* **Task brief**
Please print every record exactly as it stands, leaving out the pictures.

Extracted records
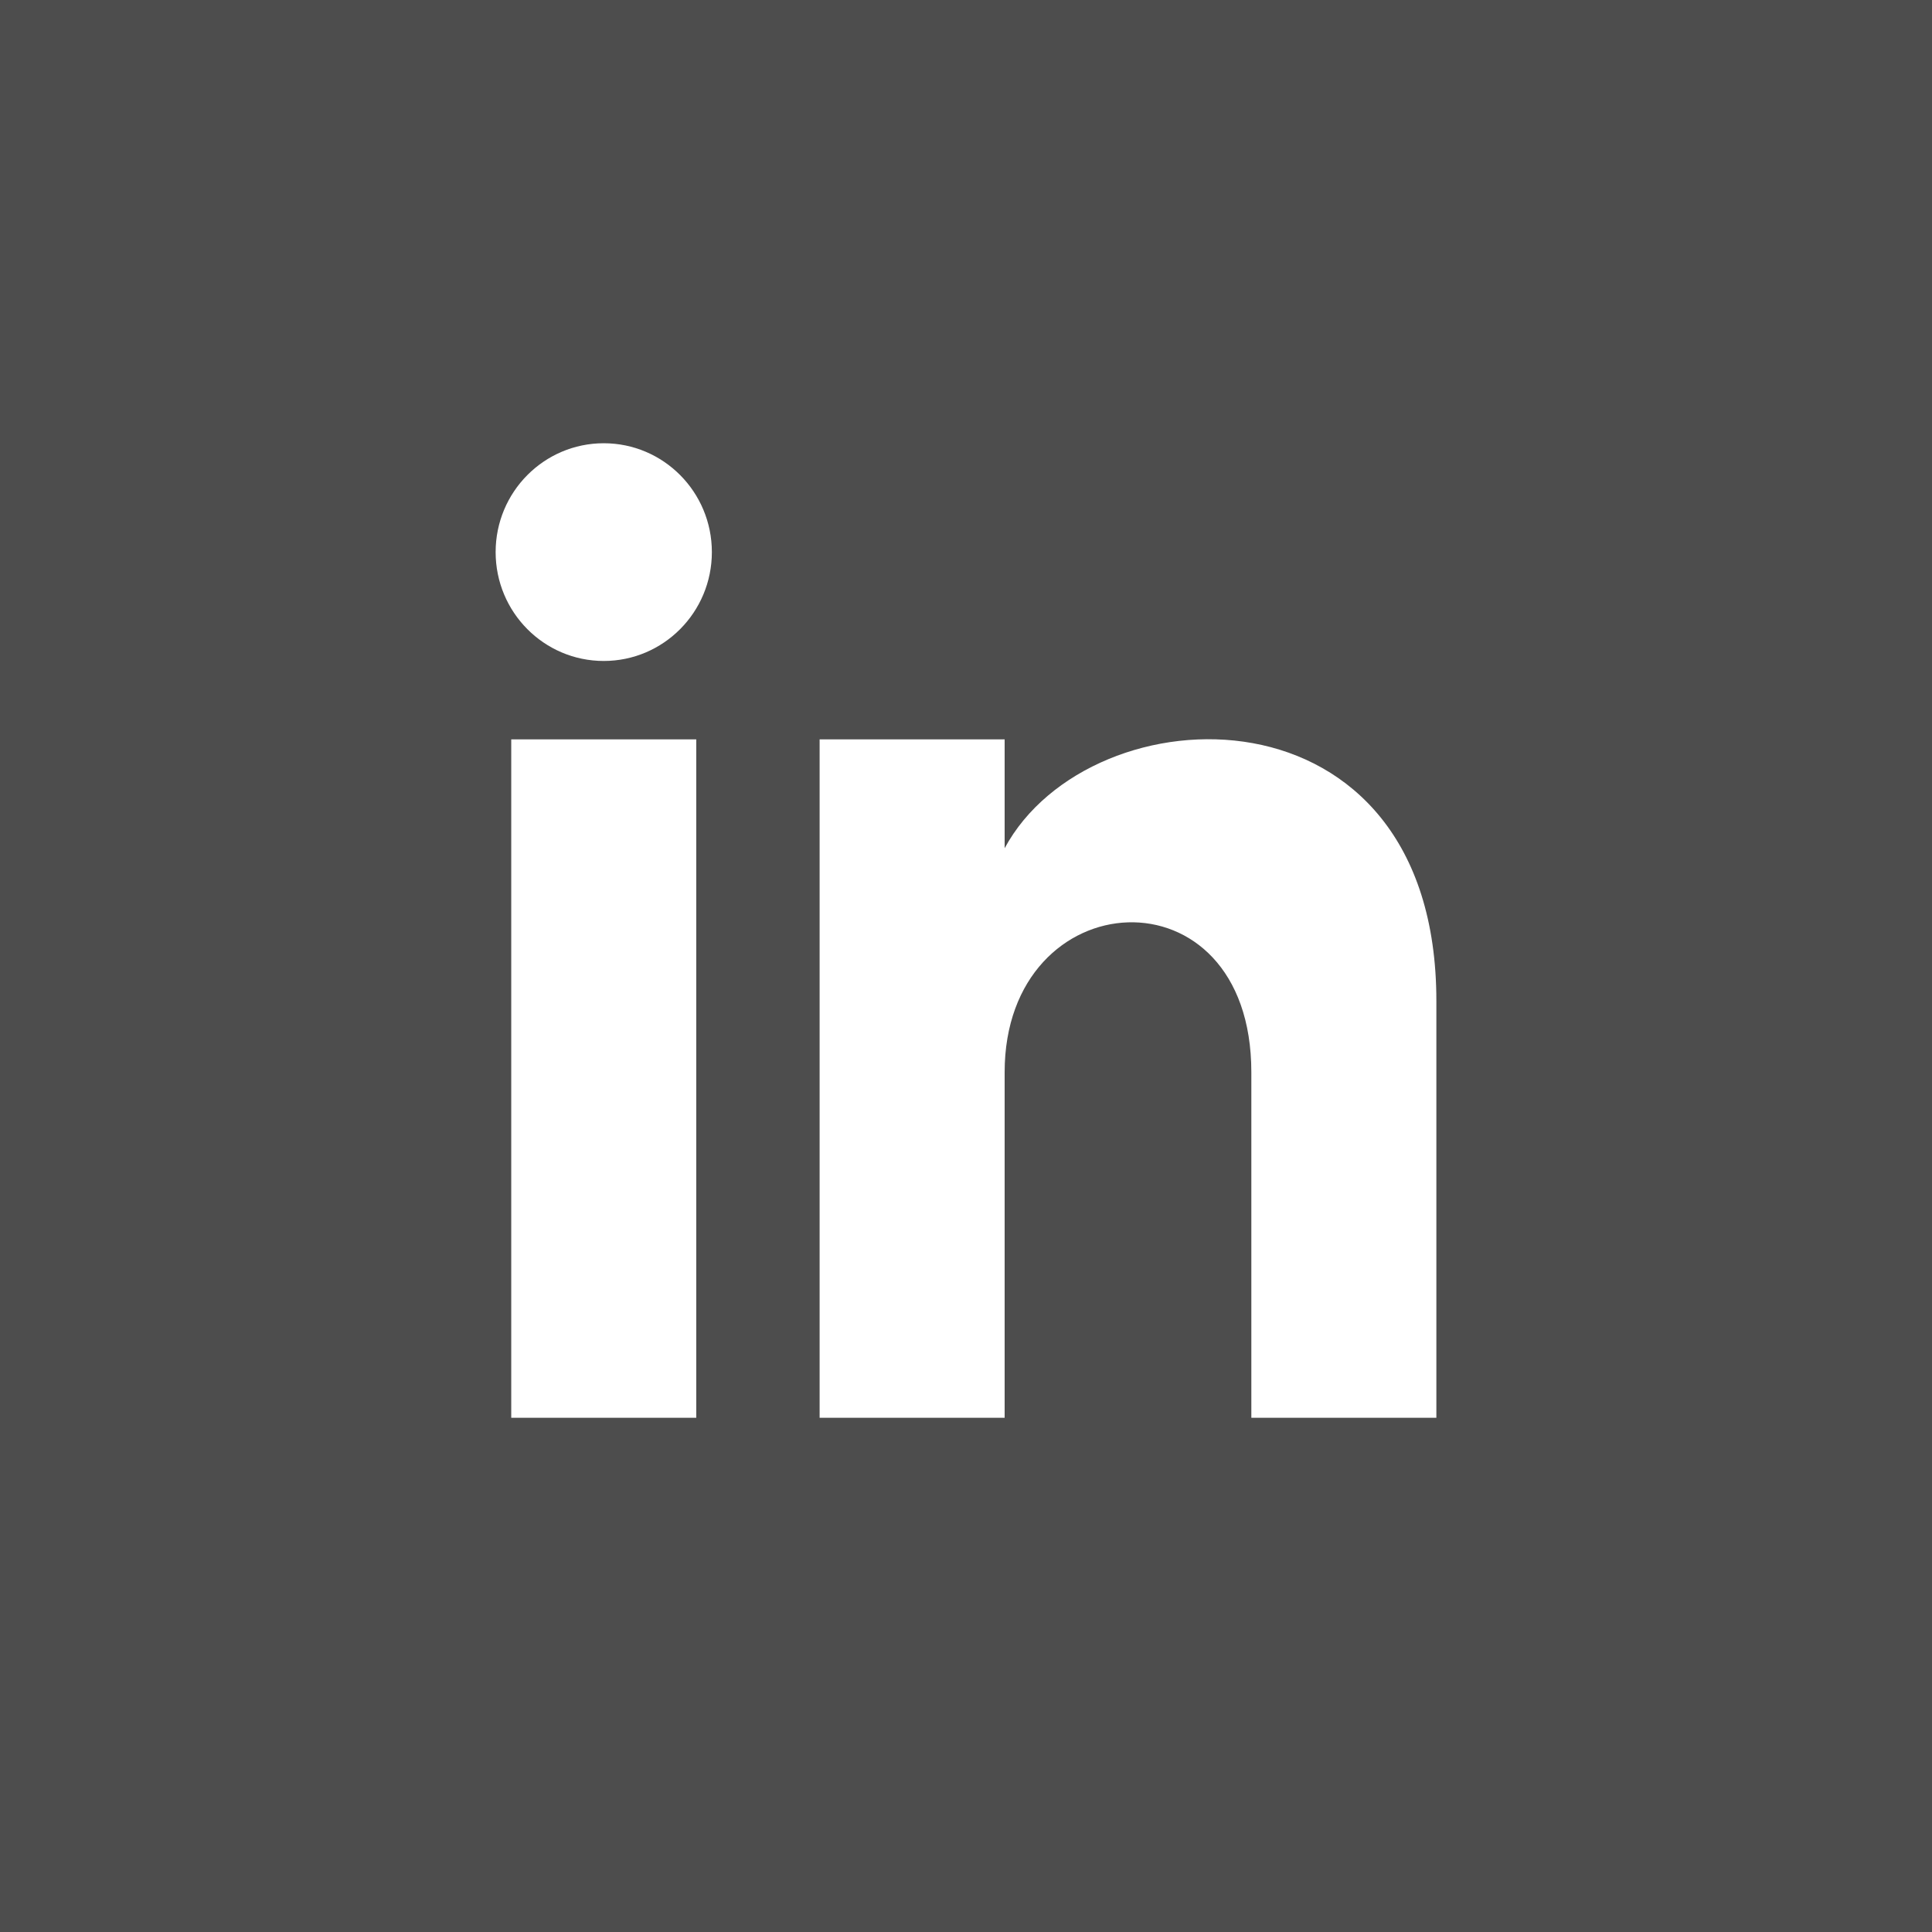 <svg xmlns="http://www.w3.org/2000/svg" width="52" height="52" viewBox="0 0 52 52"><style>#red:target>.c1{fill:#b4091b}</style><g id="red" transform="translate(-515 -3424)"><path class="c1" transform="translate(515 3424)" fill="#4d4d4d" d="M0 0h52v52H0z"/><g transform="translate(523.59 3432.73)" fill="#fff"><path transform="translate(5.17 11.17)" d="M0 0h4.98v18.26H0z"/><ellipse cx="2.91" cy="2.93" rx="2.91" ry="2.93" transform="translate(4.75 3.2)"/><path d="M26.6 26.26h-4.98v-9.3c0-5.59-6.64-5.17-6.64 0v9.3H10V8h4.98v2.93c2.32-4.3 11.62-4.61 11.62 4.11z" transform="translate(3.47 3.17)"/></g></g></svg>
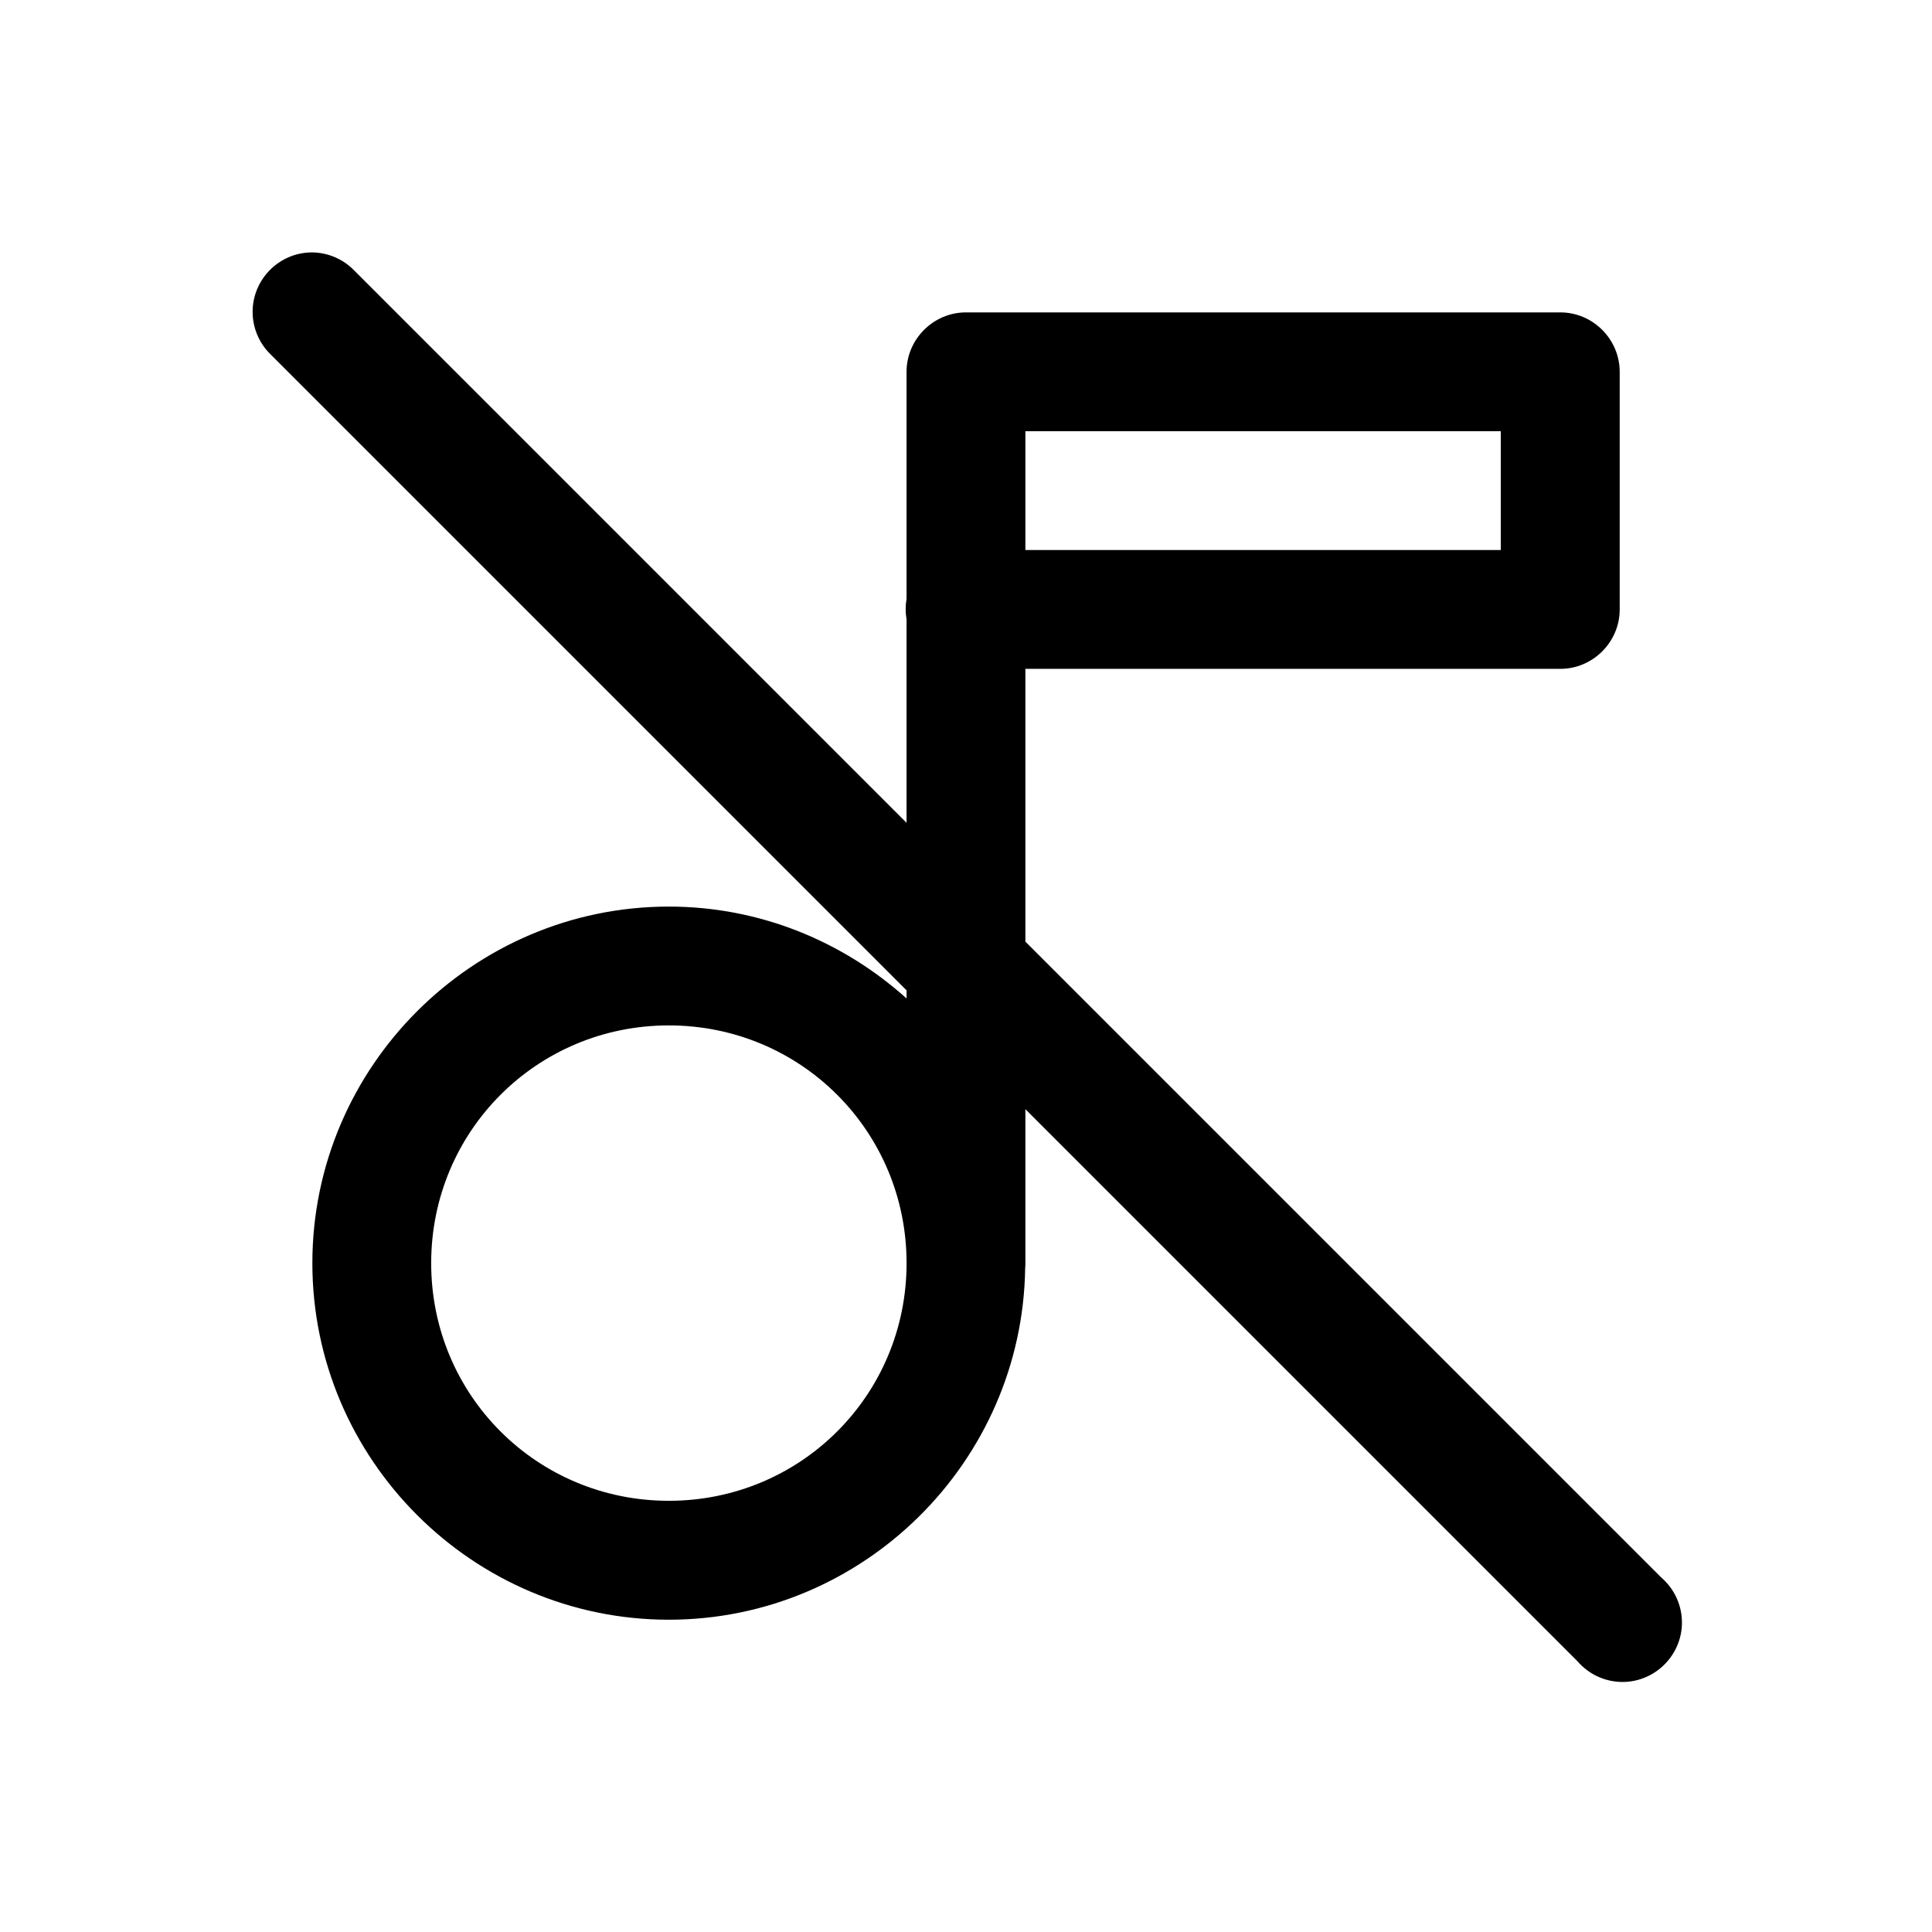 <?xml version="1.0" encoding="UTF-8"?>
<!-- Uploaded to: ICON Repo, www.svgrepo.com, Generator: ICON Repo Mixer Tools -->
<svg fill="#000000" width="800px" height="800px" version="1.1" viewBox="144 144 512 512" xmlns="http://www.w3.org/2000/svg">
 <path d="m226.66 210.89c-0.543 0-1.09 0.031-1.633 0.09-7.965 0.844-14.082 7.641-14.082 15.656 0 4.262 1.73 8.348 4.797 11.312l168.51 168.51v2.148c-16.754-15.07-38.824-24.352-63.008-24.352-51.98 0-94.465 42.516-94.465 94.492 0 51.984 42.484 94.496 94.465 94.496 51.527 0 93.695-41.785 94.434-93.141 0.043-0.449 0.062-0.898 0.062-1.355v-40.801l146.34 146.34c2.988 3.465 7.34 5.453 11.91 5.453 8.637 0 15.742-7.106 15.742-15.742 0-4.57-1.988-8.922-5.453-11.91l-168.54-168.54v-72.293h141.66 0.098c8.613 0 15.707-7.07 15.738-15.68v-62.977-0.066c0-8.637-7.106-15.742-15.738-15.742h-0.098-157.47c-8.613 0.035-15.684 7.129-15.684 15.742v0.066 60.086c-0.316 1.801-0.316 3.641 0 5.441v53.934l-146.31-146.31c-2.949-3.078-7.023-4.832-11.285-4.856zm189.08 47.383h125.98v31.488h-125.98zm-94.496 157.47c34.969 0 63.008 28.039 63.008 63.004 0 34.973-28.039 62.98-63.008 62.98-34.965 0-62.977-28.008-62.977-62.98 0-34.965 28.012-63.004 62.977-63.004z" fill-rule="evenodd"/>
</svg>

* **Exercise answer**
 <svg xmlns="http://www.w3.org/2000/svg" width="52" height="52" viewBox="0 0 52 52"><style>#red:target>.c1{fill:#b4091b}</style><g id="red" transform="translate(-515 -3424)"><path class="c1" transform="translate(515 3424)" fill="#4d4d4d" d="M0 0h52v52H0z"/><g transform="translate(523.59 3432.73)" fill="#fff"><path transform="translate(5.17 11.17)" d="M0 0h4.98v18.26H0z"/><ellipse cx="2.91" cy="2.93" rx="2.91" ry="2.93" transform="translate(4.75 3.2)"/><path d="M26.6 26.26h-4.98v-9.3c0-5.59-6.64-5.17-6.64 0v9.3H10V8h4.98v2.93c2.32-4.3 11.62-4.61 11.62 4.11z" transform="translate(3.47 3.17)"/></g></g></svg>
 <?xml version="1.0" encoding="UTF-8"?>
<!-- Uploaded to: ICON Repo, www.svgrepo.com, Generator: ICON Repo Mixer Tools -->
<svg fill="#000000" width="800px" height="800px" version="1.1" viewBox="144 144 512 512" xmlns="http://www.w3.org/2000/svg">
 <path d="m226.66 210.89c-0.543 0-1.09 0.031-1.633 0.09-7.965 0.844-14.082 7.641-14.082 15.656 0 4.262 1.73 8.348 4.797 11.312l168.51 168.51v2.148c-16.754-15.07-38.824-24.352-63.008-24.352-51.98 0-94.465 42.516-94.465 94.492 0 51.984 42.484 94.496 94.465 94.496 51.527 0 93.695-41.785 94.434-93.141 0.043-0.449 0.062-0.898 0.062-1.355v-40.801l146.34 146.34c2.988 3.465 7.34 5.453 11.91 5.453 8.637 0 15.742-7.106 15.742-15.742 0-4.57-1.988-8.922-5.453-11.91l-168.54-168.54v-72.293h141.66 0.098c8.613 0 15.707-7.07 15.738-15.68v-62.977-0.066c0-8.637-7.106-15.742-15.738-15.742h-0.098-157.47c-8.613 0.035-15.684 7.129-15.684 15.742v0.066 60.086c-0.316 1.801-0.316 3.641 0 5.441v53.934l-146.31-146.31c-2.949-3.078-7.023-4.832-11.285-4.856zm189.08 47.383h125.98v31.488h-125.98zm-94.496 157.47c34.969 0 63.008 28.039 63.008 63.004 0 34.973-28.039 62.98-63.008 62.98-34.965 0-62.977-28.008-62.977-62.98 0-34.965 28.012-63.004 62.977-63.004z" fill-rule="evenodd"/>
</svg>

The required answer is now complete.